I really appreciate this work. I’ve been looking into some of the same questions recently, but like you say everything I’ve been able to find up to now seem very siloed and fail to take into account all of the potentially important issues. To convince people of your thesis though, I think it needs more of the following:
Discussion of more energy transition scenarios and their potential obstacles. It currently focuses a lot on the impossibility of using batteries to store 1 month worth of electricity, but I’m guessing that it might be much more realistic to use batteries only for daily storage, with seasonal/longer term variations being handled by a combination of overcapacity and fossil fuel backup, or by adaptation on the demand side.
Discussion of counterarguments to your positions. You already do some of this (e.g. “Dave finds it pessimistic, he thinks they give too much importance to land use and climate impacts, and that the model should have higher efficiency and growth of renewables.”) but would appreciate more details of the counterarguments and why you still disagree with them.
In the long run, why is it impossible to build an abundant energy system using only highly available minerals? It seems like your main argument here is that renewables have low EROI, but why can’t we greatly improve that in the future?

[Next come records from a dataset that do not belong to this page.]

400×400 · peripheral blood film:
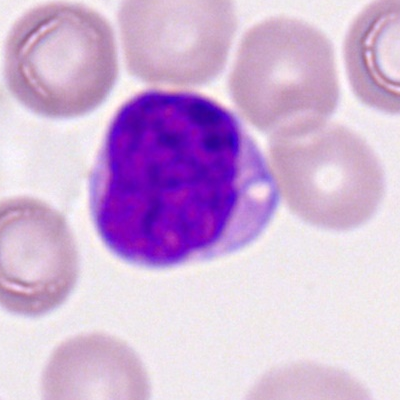

Morphology consistent with a typical lymphocyte.
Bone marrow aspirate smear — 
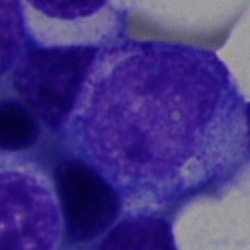
This is a progranulocyte.
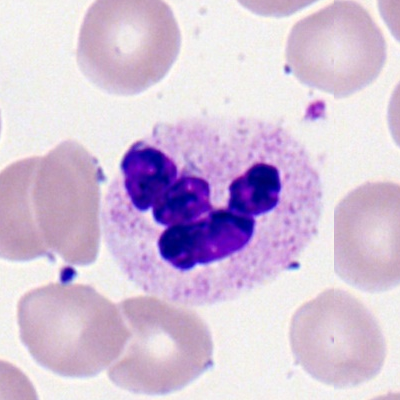Peripheral blood film, single cell — segmented neutrophil.
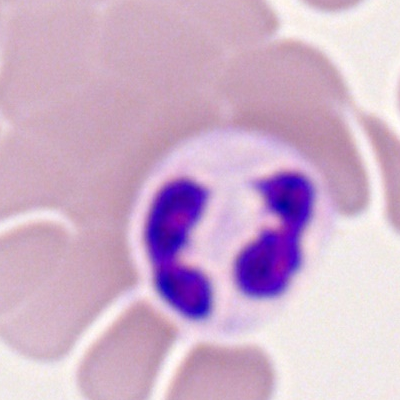

Peripheral blood film, single cell — polymorphonuclear neutrophil.
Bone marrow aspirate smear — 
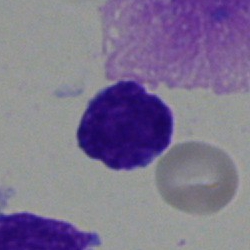
{"cell_type": "typical lymphocyte", "lineage": "lymphoid"}
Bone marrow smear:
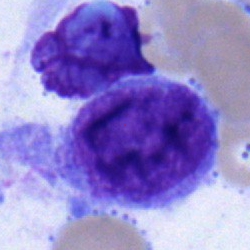

Cell type — blast cell.
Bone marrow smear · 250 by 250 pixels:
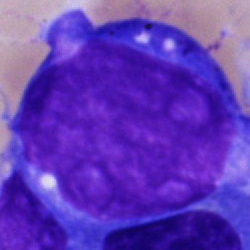Q: What is shown here?
A: This is an undifferentiated blast.
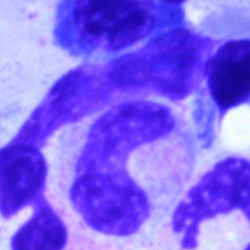
The classification is neutrophil (band).
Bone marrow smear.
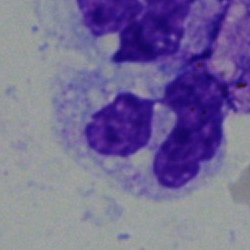 This is a segmented neutrophil.
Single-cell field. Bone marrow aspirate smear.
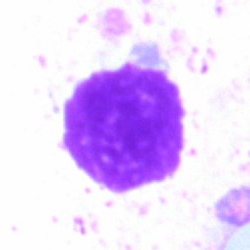

The morphological class is artefact.
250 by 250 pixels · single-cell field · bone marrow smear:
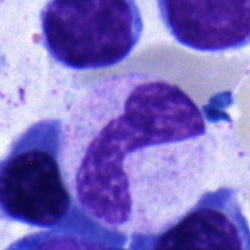Q: Which cell type is shown here?
A: It is a neutrophil (segmented).
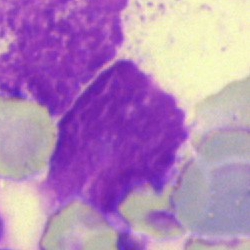
Classification: artifact.
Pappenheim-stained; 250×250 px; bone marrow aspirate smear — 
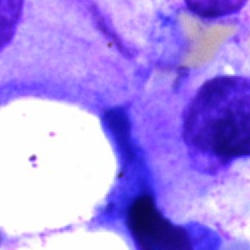Morphological class = artefact.
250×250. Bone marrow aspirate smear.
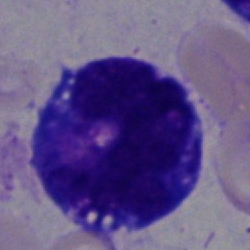
The cell is blast cell.
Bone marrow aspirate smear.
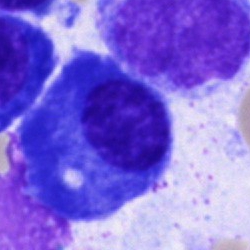 Morphology — plasma cell.
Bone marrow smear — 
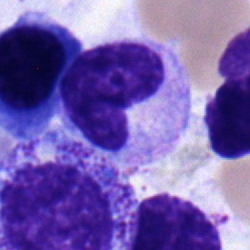
{"cell_type": "neutrophil (band)", "lineage": "myeloid"}
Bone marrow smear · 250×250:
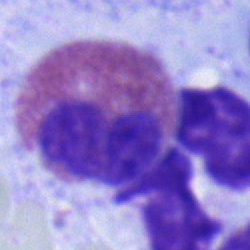
Impression → eosinophilic granulocyte.
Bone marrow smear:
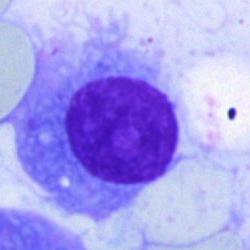
Cell: plasmacyte.
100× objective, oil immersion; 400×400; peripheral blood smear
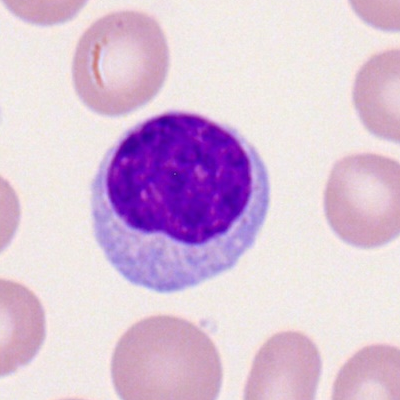

A lymphocyte.
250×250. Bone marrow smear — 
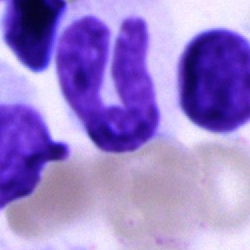 Showing a band-form neutrophil.
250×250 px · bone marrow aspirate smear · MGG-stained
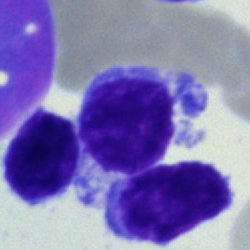

{"cell_type": "typical lymphocyte", "lineage": "lymphoid"}
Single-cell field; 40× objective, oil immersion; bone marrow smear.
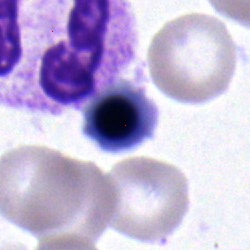
Erythroblast.
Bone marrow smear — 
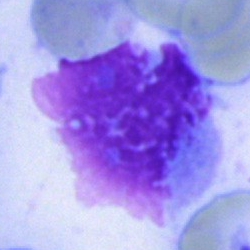
Morphology → artifact.
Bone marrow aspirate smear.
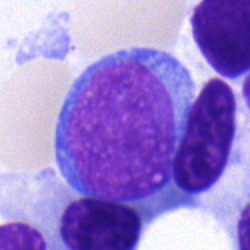
Morphological class: blast cell.
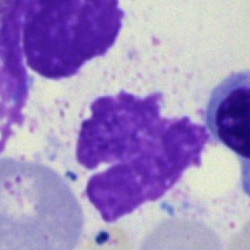

Specimen: bone marrow smear.
Classification: artifact.
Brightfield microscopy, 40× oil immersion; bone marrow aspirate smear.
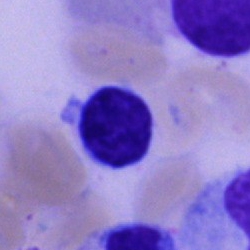
The cell type is typical lymphocyte.
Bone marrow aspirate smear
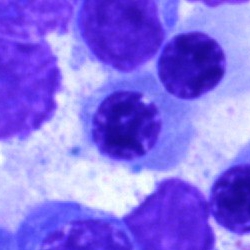

Q: Identify the cell.
A: Nucleated red blood cell.
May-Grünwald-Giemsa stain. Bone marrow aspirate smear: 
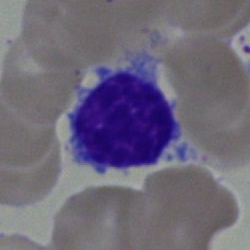A lymphocyte.
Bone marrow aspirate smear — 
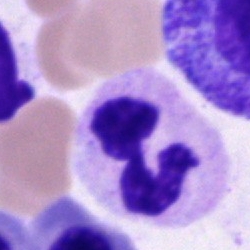A polymorphonuclear neutrophil.

For example, if much of the current energy investment into renewables goes to spending energy on maintaining living standards that workers demand (I don’t know if this is actually true or not), we could potentially lower that amount by increasing automation. What are the fundamental limits to such improvements?
Thanks for this feedback! This is really useful, it can help me to improve.
This could be a good idea, making different scenarios could clarify things, indeed. I think I will do that.
I didn’t have the impression that I focused so much on battery storage, however—I talk about it for metals, but the issue of metal scarcity spans is valid for many technologies. For me, the biggest issue is manufacturing: hard to change at the speed required, requiring a lot of investment, and leading to considerable losses in efficiency.
For seasonal storage specifically, I wouldn’t count on finite fossil fuels, and overcapacity is both energy costly (building even more of what we have) and has limited potential (the “one month of storage required” already is for a “supergrid” over the Mediterranean sea). Adapting demand would work better, but I don’t know to which extent this can be done—factories need to be used 60-90% of the time to pay for the investment cost.
Same, good idea. I though about detailing common counterarguments but everything seemed very long already. But doing so could also clarify things. How do you suggest I do this? Making a new post with scenarios and counterarguments ? Or editing the existing ones ?
This is an interesting question, and it could be an additional kind of scenario that would not take into account the issue of time. There are several reasons I see limits to that, but a main limit is low EROI, indeed. There are 2 different opposing trends: on one side, EROI can improve because of technological progress—but on the other, EROI will likely be lower because of declining metal ores, storage, and the need to replace transportation and roads and manufacturing with less efficient solutions (like hydrogen).
Another question I have is whether we can maintain our complex society at all with only abundant metals, as the others will face declining trends: for instance, a smartphone uses 60 different metals in the periodic table. Computers are also very complex. They would be required for a lot of automation. I don’t think that can be sustainable, or only at a much smaller scale.